Engaging the board – making each meeting more impactful

At FNET’s recent All members meeting Danny Miles from Morrisons and Natalie McWilliam from DPS ran an engaging workshop for members to reinforce how engaging the board is crucial to embedding human rights into the business strategy and day to day activities. Here is a flavour of some of the key points which are available in a more detailed member-only guidance document.

Get to know your Board: You may have a strong sense of what you think the Board needs to know when it comes to ethical trade and human rights. The question is, how well do you know them and their individual needs? Understanding their backgrounds, personal interests, familiarity with the topic and how your asks can fit with wider business priorities will increase your influence and impact. When you get time with board members do take time to listen, cocreate not just ‘broadcast’ your points.

Provide context: For boards to provide effective oversight of human rights they need the full picture. Companies operate within broader systems which at any given moment, can be subject to events which have an impact, positive or negative, on the business. Your job is to keep your board up to date and address any uncertainty that the current context presents. Have conditions changed? Are there new trends, evolving expectations, or new risks that they should be aware of? As a business, are we doing what we said we would do? Are there reasons why we may need to change our approach? If so, what change is required, why, and what are the potential implications? Members shared the importance of always capitalising on a crisis, exploiting the use of FOMO with benchmarks and highlighting competitor case studies to prove the change is possible!

Be clear on your objectives and your ask: Boards are often short on time so its important to make every second with them count. How can you use your time to have a conversation, socialise the issue, provide new insight and reassure the individuals there is a plan and what they need to do to help deliver it. Are you asking for guidance or input? Are you seeking final sign-off on a policy or position statement? Given time with the board is short, try to get commitment to establish a broader cross-functional working group with senior representation from relevant stakeholders so you can hone future asks and insights for the board.

Tell stories and then back them up with data: Storytelling can help to paint a picture and reinforce the human impact of issues. Stories can be a catalyst for action, but make sure you have any supporting data (external stats, audits/ grievance/EDI/Sedex SAQ) to back up your points  and link  to how acting on human rights is creating business value and/or what further investment will be required in the future.

Help to close the knowledge gap: The human rights expectations on business are increasing, the better informed directors are the better positioned to provide meaningful sustainability oversight. Board training on Fiduciary duties, Legislative requirements, customer and investor requirements, benchmarks help reinforce their human rights responsibilities as board directors.

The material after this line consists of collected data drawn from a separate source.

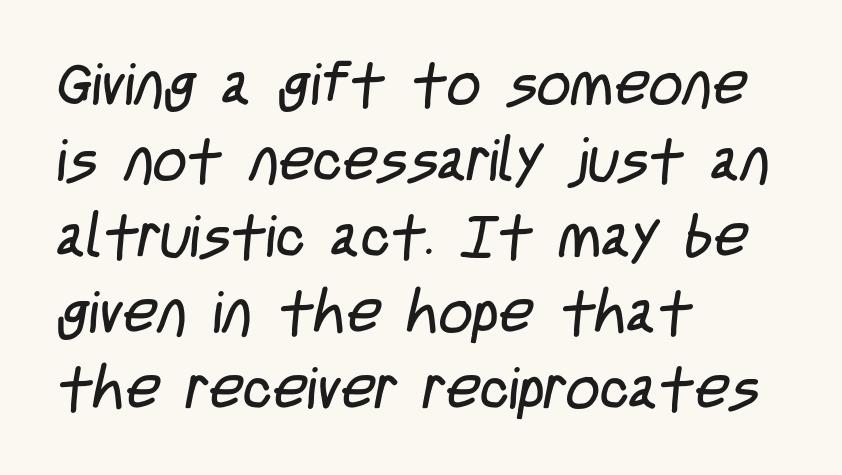
Q: Is the text bold? A: No.
Q: Is the typeface a serif or a sans-serif typeface? A: Sans-serif.
Q: Is the text underlined? A: No.
Q: How is the paragraph aligned? A: Left-aligned.
Q: Is the spacing between letters normal or unusually wide? A: Normal.
Q: Is the spacing between lines tight, normal or loose? A: Normal.
Q: Width (condensed, normal, or wide)? A: Condensed.
Q: Stroke contrast? A: Low.
Q: x-height? A: Large.
Q: Monospaced? A: No.

For some topics, you may want to consider inviting an external expert or peer to emphasise the points/ recommendations you are making. For example DPS got G’s fresh to present to their board on modern slavery. Compliment with a broader delivering and operating responsibly engagement calendar to engage the wider business.

Be authentic and interesting: Be genuine, be curious, and be excited about the work. You want to impart a sense of confidence in the direction that you and the business are taking towards meeting its human rights goals. Leave energy in the room so they are keen to have you back!